§ **What is being asked**: Nothing but the lines below between the line holding "FILE_NAME(/* name */ 'BM50469.step',/*" and the line holding "Products named in the file (1): (Unsaved)", inclusive, should appear in the answer, each set down exactly.

§ **Collected data**:
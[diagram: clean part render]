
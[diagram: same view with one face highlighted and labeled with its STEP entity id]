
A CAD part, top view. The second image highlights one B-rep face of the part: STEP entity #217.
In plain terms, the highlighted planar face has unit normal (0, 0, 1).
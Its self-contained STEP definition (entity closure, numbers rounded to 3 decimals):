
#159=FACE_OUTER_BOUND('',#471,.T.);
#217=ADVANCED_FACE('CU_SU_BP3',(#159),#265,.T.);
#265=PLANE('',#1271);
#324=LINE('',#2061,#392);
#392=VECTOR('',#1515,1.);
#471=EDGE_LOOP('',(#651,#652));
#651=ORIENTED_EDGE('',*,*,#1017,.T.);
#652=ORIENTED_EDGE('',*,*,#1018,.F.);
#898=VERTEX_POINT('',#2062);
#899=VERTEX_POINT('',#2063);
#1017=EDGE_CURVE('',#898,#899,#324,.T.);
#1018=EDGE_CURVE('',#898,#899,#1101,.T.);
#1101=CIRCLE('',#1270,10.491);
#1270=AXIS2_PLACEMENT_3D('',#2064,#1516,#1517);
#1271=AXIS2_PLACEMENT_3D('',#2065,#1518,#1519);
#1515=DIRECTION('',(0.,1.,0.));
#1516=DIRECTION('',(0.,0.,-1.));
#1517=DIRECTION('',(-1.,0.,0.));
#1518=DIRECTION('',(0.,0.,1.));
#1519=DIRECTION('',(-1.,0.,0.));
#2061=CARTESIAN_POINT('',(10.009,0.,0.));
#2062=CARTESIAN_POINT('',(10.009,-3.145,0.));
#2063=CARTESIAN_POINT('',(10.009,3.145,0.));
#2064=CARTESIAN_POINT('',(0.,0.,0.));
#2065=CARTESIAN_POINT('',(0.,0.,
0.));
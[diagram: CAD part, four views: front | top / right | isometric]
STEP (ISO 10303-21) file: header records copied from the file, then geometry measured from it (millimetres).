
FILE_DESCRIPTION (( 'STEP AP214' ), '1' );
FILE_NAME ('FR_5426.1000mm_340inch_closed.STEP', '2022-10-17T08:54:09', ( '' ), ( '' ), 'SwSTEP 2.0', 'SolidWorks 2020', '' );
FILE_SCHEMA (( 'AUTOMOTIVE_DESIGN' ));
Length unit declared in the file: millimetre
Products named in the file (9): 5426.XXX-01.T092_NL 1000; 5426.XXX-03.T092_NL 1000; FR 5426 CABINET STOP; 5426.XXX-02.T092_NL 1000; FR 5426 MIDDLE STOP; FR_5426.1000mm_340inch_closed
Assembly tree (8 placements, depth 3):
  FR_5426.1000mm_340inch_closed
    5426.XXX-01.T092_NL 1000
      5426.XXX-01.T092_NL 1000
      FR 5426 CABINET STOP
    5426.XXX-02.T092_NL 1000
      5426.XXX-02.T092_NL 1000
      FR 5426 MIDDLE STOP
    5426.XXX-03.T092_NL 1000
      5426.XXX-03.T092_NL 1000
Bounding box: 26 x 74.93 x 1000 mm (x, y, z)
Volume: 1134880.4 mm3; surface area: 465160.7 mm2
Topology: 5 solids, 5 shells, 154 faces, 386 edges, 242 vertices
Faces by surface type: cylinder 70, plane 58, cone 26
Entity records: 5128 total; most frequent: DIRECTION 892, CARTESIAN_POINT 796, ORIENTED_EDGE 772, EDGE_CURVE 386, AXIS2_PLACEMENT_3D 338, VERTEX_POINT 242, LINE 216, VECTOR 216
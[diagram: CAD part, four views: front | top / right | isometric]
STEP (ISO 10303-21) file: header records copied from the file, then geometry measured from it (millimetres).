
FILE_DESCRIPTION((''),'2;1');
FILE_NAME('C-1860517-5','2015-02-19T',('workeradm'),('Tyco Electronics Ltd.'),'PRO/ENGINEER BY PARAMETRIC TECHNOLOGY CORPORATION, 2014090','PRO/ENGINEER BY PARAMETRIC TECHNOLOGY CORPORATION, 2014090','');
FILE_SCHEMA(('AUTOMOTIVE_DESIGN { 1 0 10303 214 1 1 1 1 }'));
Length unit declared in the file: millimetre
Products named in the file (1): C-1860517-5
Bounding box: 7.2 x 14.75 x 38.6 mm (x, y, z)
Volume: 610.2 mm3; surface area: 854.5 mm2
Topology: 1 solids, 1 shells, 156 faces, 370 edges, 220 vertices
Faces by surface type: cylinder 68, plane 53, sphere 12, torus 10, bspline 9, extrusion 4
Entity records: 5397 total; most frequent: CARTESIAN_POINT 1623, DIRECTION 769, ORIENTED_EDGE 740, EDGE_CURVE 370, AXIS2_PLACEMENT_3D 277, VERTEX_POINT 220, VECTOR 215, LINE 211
==
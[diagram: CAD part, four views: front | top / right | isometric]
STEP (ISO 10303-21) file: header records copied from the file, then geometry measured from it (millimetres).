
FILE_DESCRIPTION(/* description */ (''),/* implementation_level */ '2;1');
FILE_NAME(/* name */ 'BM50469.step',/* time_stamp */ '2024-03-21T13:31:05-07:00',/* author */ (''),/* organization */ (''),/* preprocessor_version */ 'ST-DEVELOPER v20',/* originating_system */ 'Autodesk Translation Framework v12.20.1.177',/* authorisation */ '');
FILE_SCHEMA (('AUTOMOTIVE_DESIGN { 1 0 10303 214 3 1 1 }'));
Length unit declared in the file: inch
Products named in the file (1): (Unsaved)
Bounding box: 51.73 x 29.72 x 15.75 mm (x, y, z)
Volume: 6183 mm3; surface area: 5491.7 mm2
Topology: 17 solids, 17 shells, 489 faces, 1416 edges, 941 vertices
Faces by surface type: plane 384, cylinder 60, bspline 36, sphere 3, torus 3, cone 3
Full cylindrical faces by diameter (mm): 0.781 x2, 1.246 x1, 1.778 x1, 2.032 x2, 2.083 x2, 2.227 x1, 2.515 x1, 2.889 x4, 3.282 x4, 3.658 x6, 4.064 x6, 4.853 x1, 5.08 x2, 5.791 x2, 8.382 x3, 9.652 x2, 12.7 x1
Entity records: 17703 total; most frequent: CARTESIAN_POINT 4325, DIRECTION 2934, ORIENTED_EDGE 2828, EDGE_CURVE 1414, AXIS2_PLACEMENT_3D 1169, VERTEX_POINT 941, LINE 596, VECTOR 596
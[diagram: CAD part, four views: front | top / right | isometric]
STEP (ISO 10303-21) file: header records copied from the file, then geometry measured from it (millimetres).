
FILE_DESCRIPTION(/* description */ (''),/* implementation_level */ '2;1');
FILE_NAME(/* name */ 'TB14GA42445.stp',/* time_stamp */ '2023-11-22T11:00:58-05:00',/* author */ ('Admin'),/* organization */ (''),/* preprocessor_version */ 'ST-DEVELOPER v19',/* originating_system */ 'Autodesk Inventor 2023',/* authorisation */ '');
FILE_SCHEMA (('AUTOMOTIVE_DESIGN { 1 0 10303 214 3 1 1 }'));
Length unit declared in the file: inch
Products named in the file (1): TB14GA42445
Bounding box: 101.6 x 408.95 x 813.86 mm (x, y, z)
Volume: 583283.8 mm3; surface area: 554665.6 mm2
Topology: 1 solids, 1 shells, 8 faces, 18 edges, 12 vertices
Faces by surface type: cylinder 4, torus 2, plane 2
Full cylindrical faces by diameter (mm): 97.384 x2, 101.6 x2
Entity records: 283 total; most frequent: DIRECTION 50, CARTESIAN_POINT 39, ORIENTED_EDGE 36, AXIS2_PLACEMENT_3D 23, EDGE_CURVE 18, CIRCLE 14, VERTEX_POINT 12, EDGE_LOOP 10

§ **Exercise result**:
FILE_NAME(/* name */ 'BM50469.step',/* time_stamp */ '2024-03-21T13:31:05-07:00',/* author */ (''),/* organization */ (''),/* preprocessor_version */ 'ST-DEVELOPER v20',/* originating_system */ 'Autodesk Translation Framework v12.20.1.177',/* authorisation */ '');
FILE_SCHEMA (('AUTOMOTIVE_DESIGN { 1 0 10303 214 3 1 1 }'));
Length unit declared in the file: inch
Products named in the file (1): (Unsaved)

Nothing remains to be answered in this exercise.